**RECORDS SUPPLIED:**
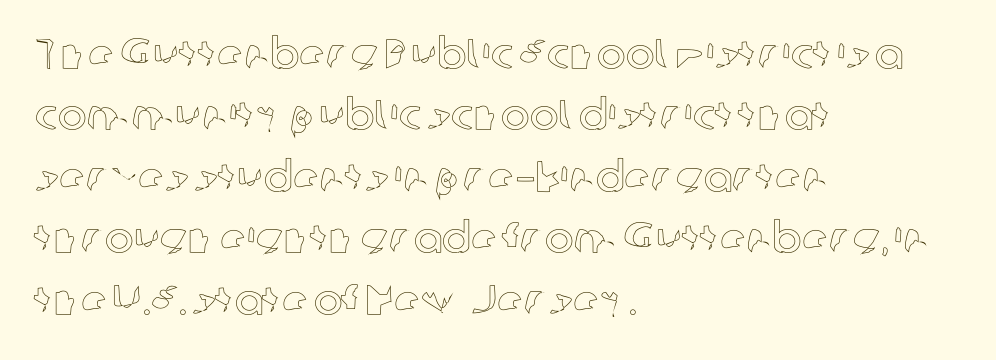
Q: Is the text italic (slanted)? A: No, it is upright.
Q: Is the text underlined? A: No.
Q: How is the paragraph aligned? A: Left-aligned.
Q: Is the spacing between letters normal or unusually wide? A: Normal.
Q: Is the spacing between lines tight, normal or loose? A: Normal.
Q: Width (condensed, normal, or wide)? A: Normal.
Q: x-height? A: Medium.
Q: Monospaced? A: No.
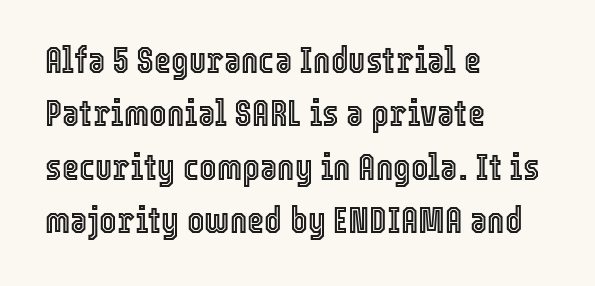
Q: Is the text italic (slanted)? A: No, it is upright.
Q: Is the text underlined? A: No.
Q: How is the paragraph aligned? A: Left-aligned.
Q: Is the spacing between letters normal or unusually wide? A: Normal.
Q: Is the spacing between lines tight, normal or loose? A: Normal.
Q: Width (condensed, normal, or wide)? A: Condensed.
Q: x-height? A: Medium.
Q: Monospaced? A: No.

...

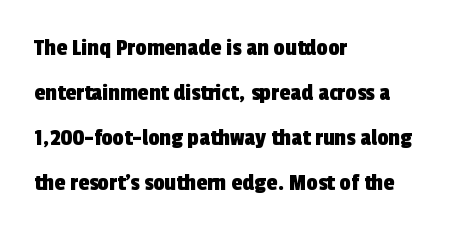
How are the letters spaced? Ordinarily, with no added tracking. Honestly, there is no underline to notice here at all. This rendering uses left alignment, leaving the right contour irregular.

**DESCRIPTION OF THE TASK:** Copy every line in the data above that has the string "Width" in it.

**RESULT FOR THIS EXERCISE:**
Q: Width (condensed, normal, or wide)? A: Normal.
Q: Width (condensed, normal, or wide)? A: Condensed.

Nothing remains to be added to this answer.